++++ RECORDS FOR THE TASK

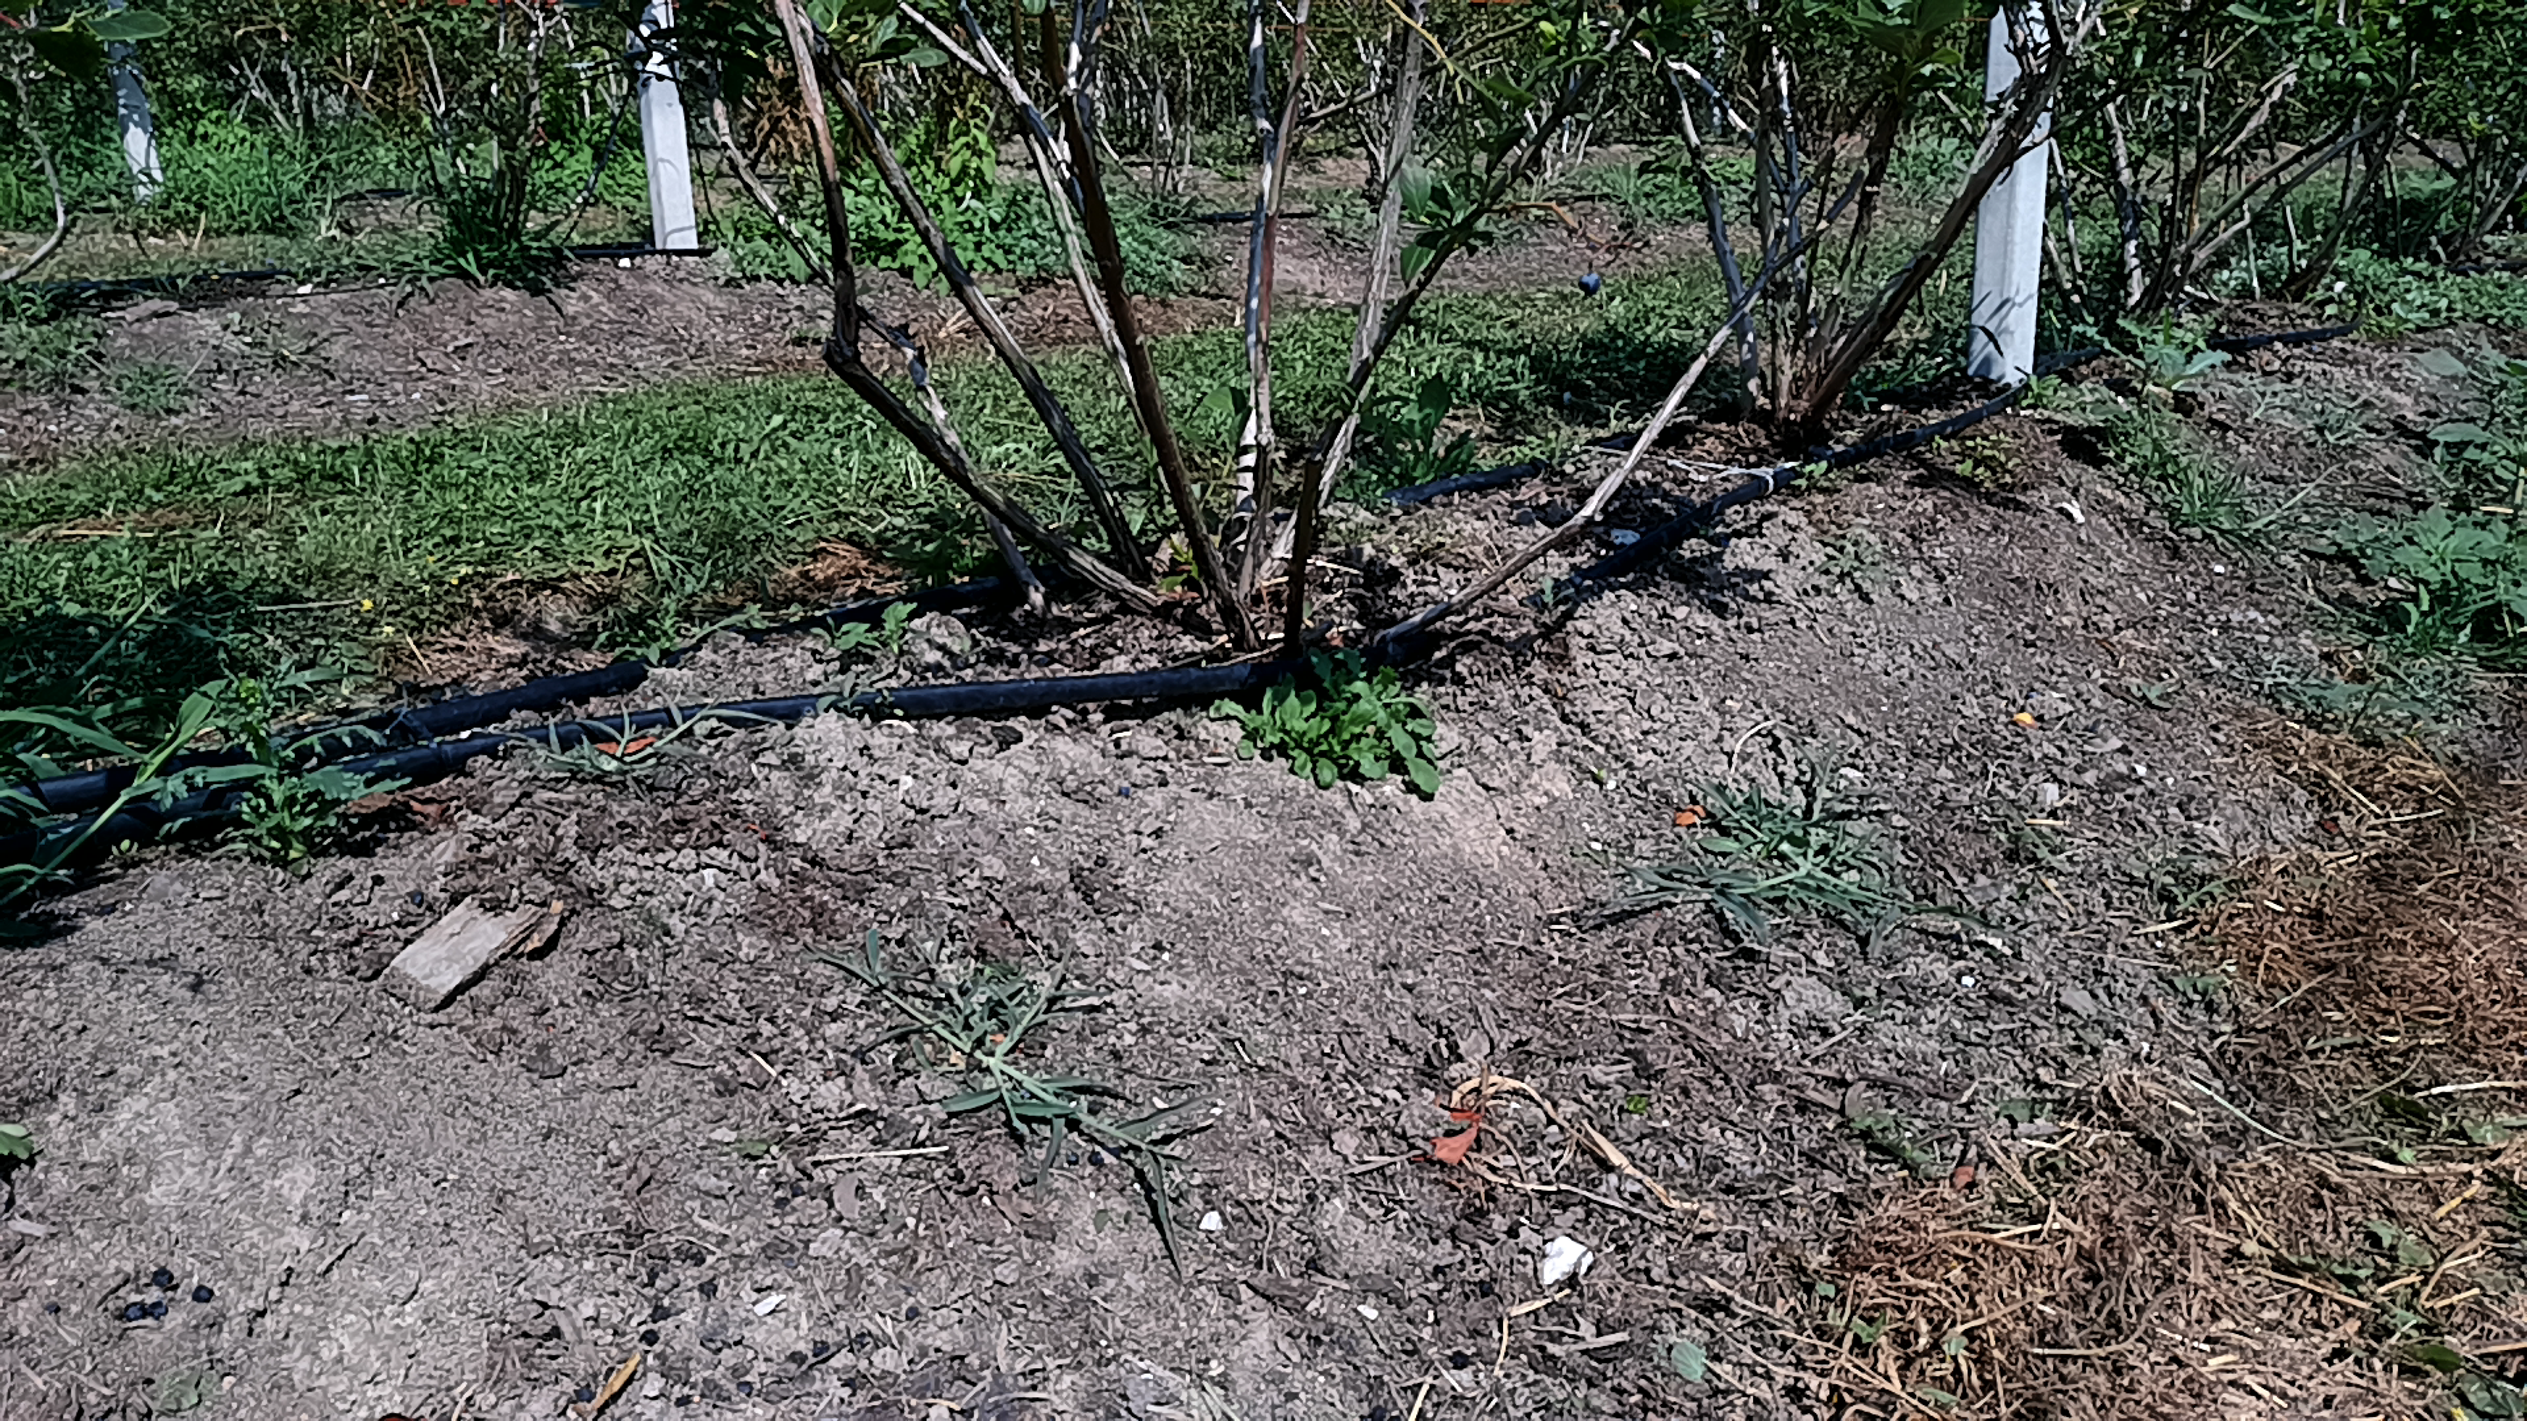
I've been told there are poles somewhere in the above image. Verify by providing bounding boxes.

++++++++
++++ RECORDS FOR THE TASK

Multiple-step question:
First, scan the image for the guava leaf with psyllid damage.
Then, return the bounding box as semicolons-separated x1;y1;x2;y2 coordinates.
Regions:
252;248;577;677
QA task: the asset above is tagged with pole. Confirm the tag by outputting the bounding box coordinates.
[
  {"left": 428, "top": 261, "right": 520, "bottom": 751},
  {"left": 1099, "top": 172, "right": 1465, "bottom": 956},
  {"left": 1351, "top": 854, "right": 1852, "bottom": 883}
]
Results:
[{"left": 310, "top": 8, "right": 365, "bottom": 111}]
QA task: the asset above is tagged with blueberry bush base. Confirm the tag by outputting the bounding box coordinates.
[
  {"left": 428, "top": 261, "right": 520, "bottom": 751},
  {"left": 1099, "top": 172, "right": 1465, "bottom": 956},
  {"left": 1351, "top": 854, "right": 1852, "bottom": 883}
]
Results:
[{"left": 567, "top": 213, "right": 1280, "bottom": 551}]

++++++++
++++ RECORDS FOR THE TASK

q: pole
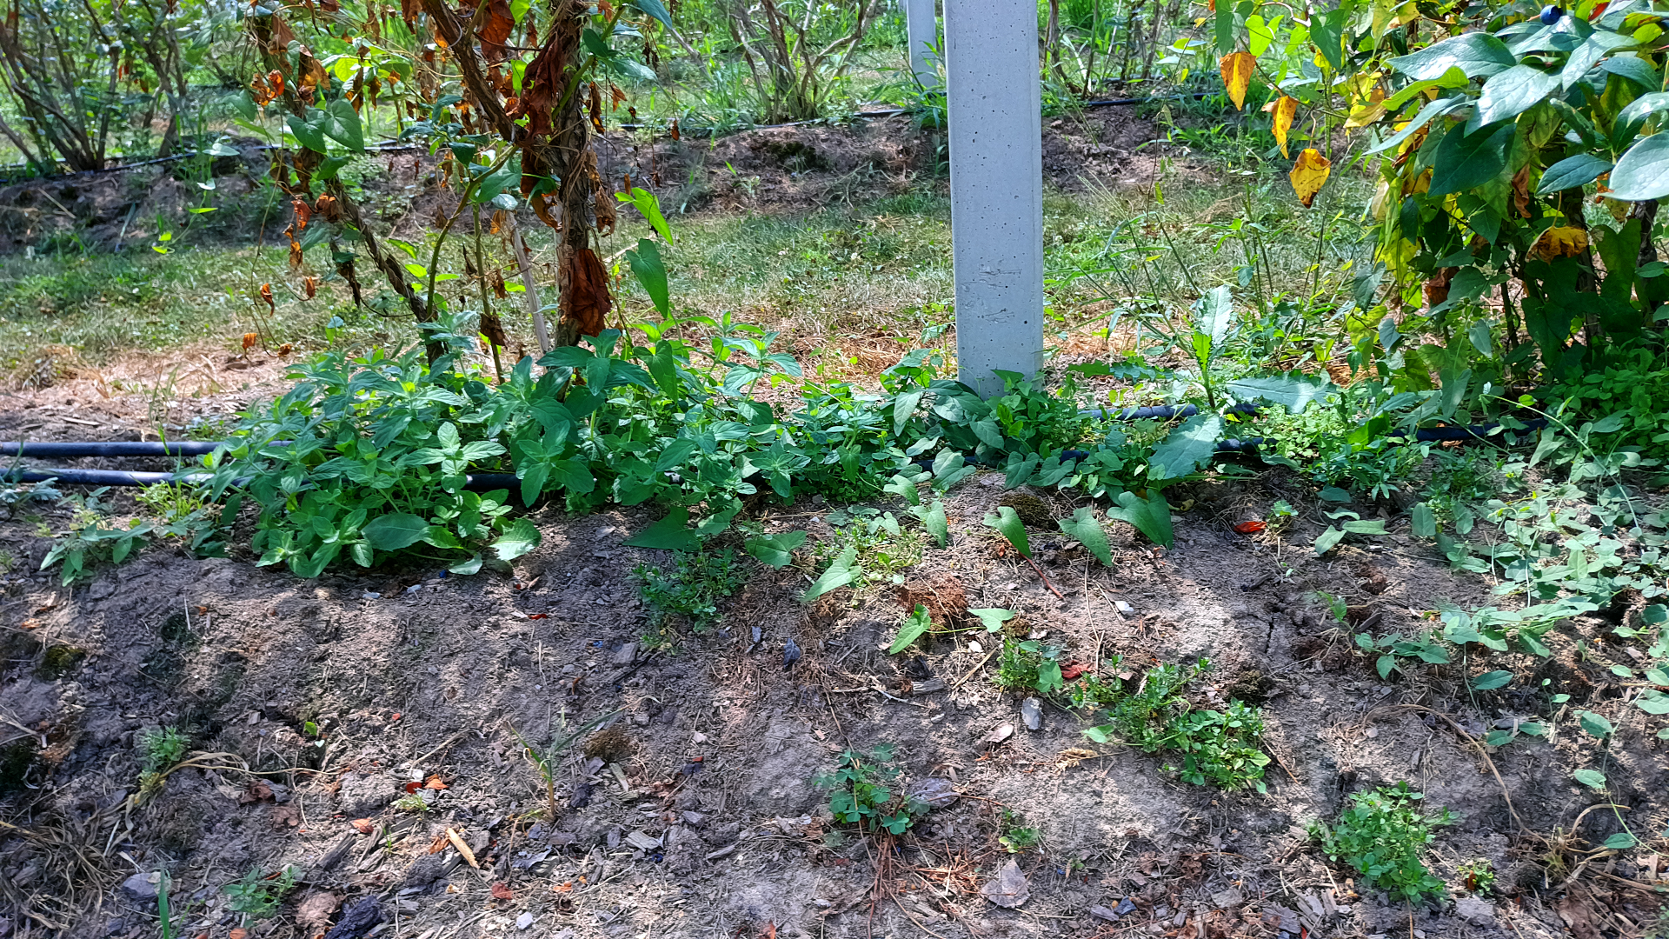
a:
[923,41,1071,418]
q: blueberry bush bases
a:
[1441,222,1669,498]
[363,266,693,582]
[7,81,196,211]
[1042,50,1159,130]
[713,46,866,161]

++++++++

A complete answer gives every line of the data that includes "tagged".

QA task: the asset above is tagged with pole. Confirm the tag by outputting the bounding box coordinates.
QA task: the asset above is tagged with blueberry bush base. Confirm the tag by outputting the bounding box coordinates.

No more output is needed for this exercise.